The only way to truly protect yourself against this sort of attack is to rigorously filter all of the input that you accept, specifically (although not exclusively) from the public areas of your application. I would recommend that you take a look at Daniel Morris's PHP Filtering Class (a complete solution) and also the Zend_Filter package (a collection of classes you can use to build your own filter).
PHP is my language of choice when it comes to web development, so apologies for the bias in my answer.
Kieran.
OWASP has a nice API to encode HTML output, either to use as HTML text (e.g. paragraph or <textarea> content) or as an attribute's value (e.g. for <input> tags after rejecting a form):
encodeForHTML($input) // Encode data for use in HTML using HTML entity encoding
encodeForHTMLAttribute($input) // Encode data for use in HTML attributes.
The project (the PHP version) is hosted under http://code.google.com/p/owasp-esapi-php/ and is also available for some other languages, e.g. .NET.

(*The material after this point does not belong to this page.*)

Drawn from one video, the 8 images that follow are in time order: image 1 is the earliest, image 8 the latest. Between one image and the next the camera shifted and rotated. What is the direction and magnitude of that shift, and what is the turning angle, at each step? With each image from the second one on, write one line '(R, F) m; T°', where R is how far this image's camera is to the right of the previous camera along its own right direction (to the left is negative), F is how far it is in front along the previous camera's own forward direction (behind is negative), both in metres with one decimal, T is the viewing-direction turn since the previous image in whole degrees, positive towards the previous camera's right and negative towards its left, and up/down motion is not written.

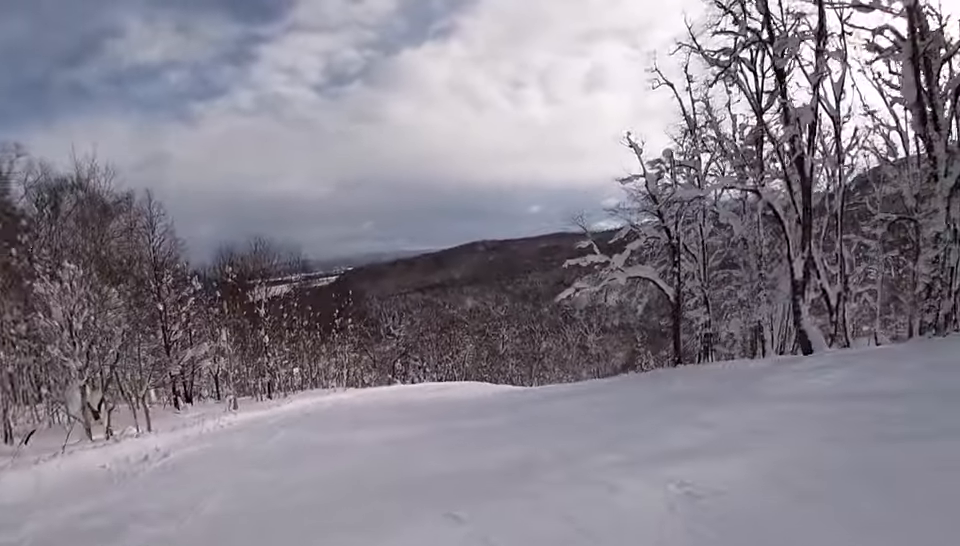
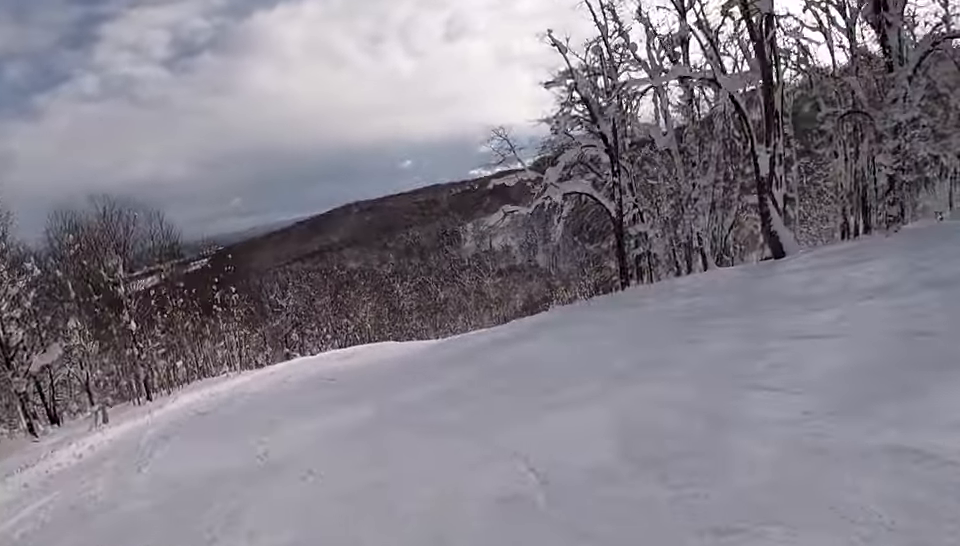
(+0.3, +4.5) m; +8°
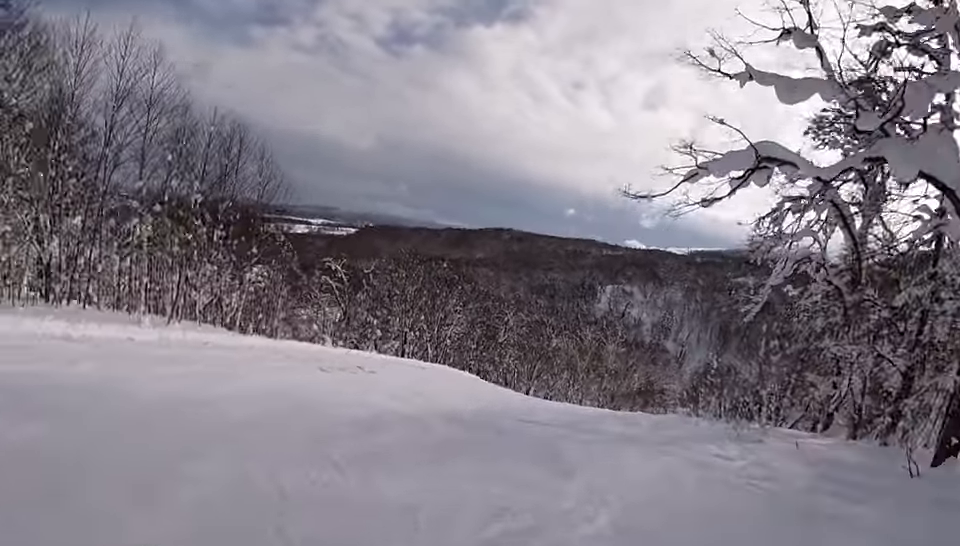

Remember that you should encode everything (not only user input), and as late as possible (not when storing in DB but when outputting the HTTP response).
Output encoding is by far the best defense. Validating input is great for many reasons, but not 100% defense. If a database becomes infected with XSS via attack (i.e. ASPROX), mistake, or maliciousness input validation does nothing. Output encoding will still work.
there was a good essay from Joel on software (making wrong code look wrong I think, I'm on my phone otherwise I'd have a URL for you) that covered the correct use of Hungarian notation. The short version would be something like:
Var dsFirstName, uhsFirstName : String;
Begin
uhsFirstName := request.queryfields.value['firstname'];
dsFirstName := dsHtmlToDB(uhsFirstName);
Basically prefix your variables with something like "us" for unsafe string, "ds" for database safe, "hs" for HTML safe. You only want to encode and decode where you actually need it, not everything. But by using they prefixes that infer a useful meaning looking at your code you'll see real quick if something isn't right. And you're going to need different encode/decode functions anyways.